Logan cerró los ojos por un momento, la mandíbula trabada.
—Yo hice de todo para encontrar a nuestra hermana, Hunter. Revisé archivos, soborné oficiales... pero ellos escondieron los rastros de ella muy bien. Yo nunca paré de buscar.
Hunter asintió levemente, un gesto de agradecimiento silencioso, antes de continuar su trayectoria de horror.

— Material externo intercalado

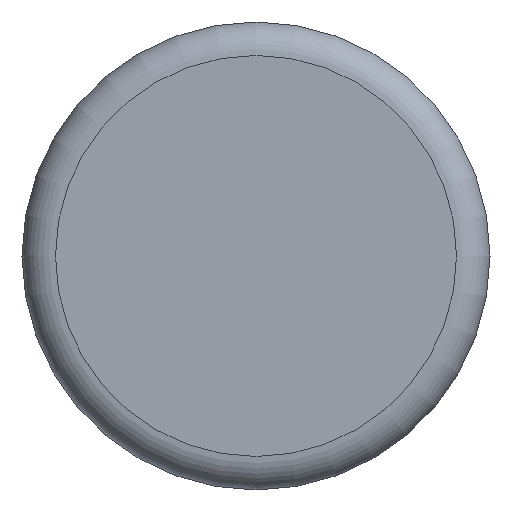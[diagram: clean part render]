
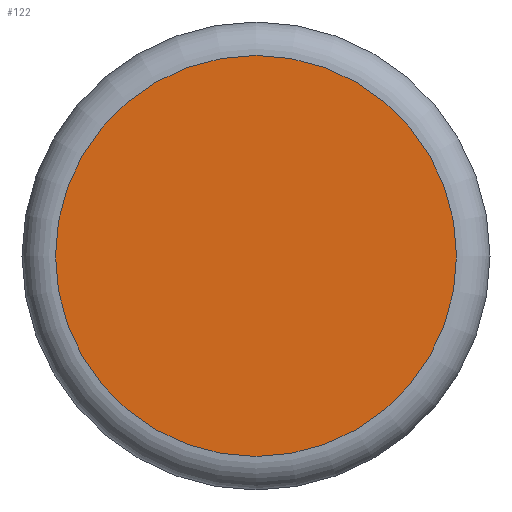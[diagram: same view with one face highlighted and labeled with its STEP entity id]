
A CAD part, top view. The second image highlights one B-rep face of the part: STEP entity #122.
In plain terms, the highlighted planar face has unit normal (0, 0, 1).
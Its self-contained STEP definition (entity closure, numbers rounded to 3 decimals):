
#122 = ADVANCED_FACE( '', ( #272 ), #273, .T. );
#272 = FACE_OUTER_BOUND( '', #456, .T. );
#273 = PLANE( '', #457 );
#456 = EDGE_LOOP( '', ( #723 ) );
#457 = AXIS2_PLACEMENT_3D( '', #724, #725, #726 );
#723 = ORIENTED_EDGE( '', *, *, #1021, .T. );
#724 = CARTESIAN_POINT( '', ( 0., 14., 85. ) );
#725 = DIRECTION( '', ( 0., 0., 1. ) );
#726 = DIRECTION( '', ( 1., 0., 0. ) );
#1021 = EDGE_CURVE( '', #1215, #1215, #1216, .T. );
#1215 = VERTEX_POINT( '', #1459 );
#1216 = CIRCLE( '', #1460, 11.984 );
#1459 = CARTESIAN_POINT( '', ( 11.984, 0., 85. ) );
#1460 = AXIS2_PLACEMENT_3D( '', #1656, #1657, #1658 );
#1656 = CARTESIAN_POINT( '', ( 0., 0., 85. ) );
#1657 = DIRECTION( '', ( 0., 0., 1. ) );
#1658 = DIRECTION( '', ( 1., 0., 0. ) );

—Fue a partir de ahí que pasé a odiarlos tanto, a Dylan como a Connor. A los dieciocho años, ellos me arreglaron un matrimonio. Viví cinco años con ella, intentando construir algo en medio de aquel infierno. Pero, como no tuvimos hijos, ellos la mataron. Alegaron que ella era estéril y, por lo tanto, inútil para el linaje MacGyver.
Él soltó una risa amarga, que sonó como vidrio quebrado.
—Aquellos idiotas nunca pararon para pensar que el problema podría ser yo. Que yo podría ser el estéril o el infértil, y no ella. Ellos mataron a una mujer inocente por pura arrogancia biológica.
Hunter miró a Chloe, que oía todo con las manos cubriendo la boca, y después a Logan.
—Yo nunca fui el Don de verdad, a pesar de ser el verdugo de ellos. Yo era apenas la lámina que ellos usaban para el trabajo sucio. Pero el mayor error de ellos fue mandarme para acá, creyendo que yo aún era el fantoche que ellos crearon. Mi único objetivo hoy es destruir cada pilar de aquella mafia.
Él extendió la mano para el hermano, un gesto de lealtad que ultrapasaba los lazos de sangre.
—Logan, yo quiero aliarme a ti. Yo tengo soldados infiltrados, hombres que son leales a mí y no a nuestro padre o a nuestro abuelo. Vamos a usar el Cártel y mis piezas dentro de la Mafia para quemar todo lo que ellos construyeron.
Logan apretó la mano de Hunter con fuerza, sellando el pacto.
—La manada creció, hermano. Vamos a darles el fin que ellos merecen.
Maya y Chloe se entremiraron. Ellas no eran más apenas víctimas de Salvatore; ahora, eran las reinas de una guerra que estaba a punto de explotar.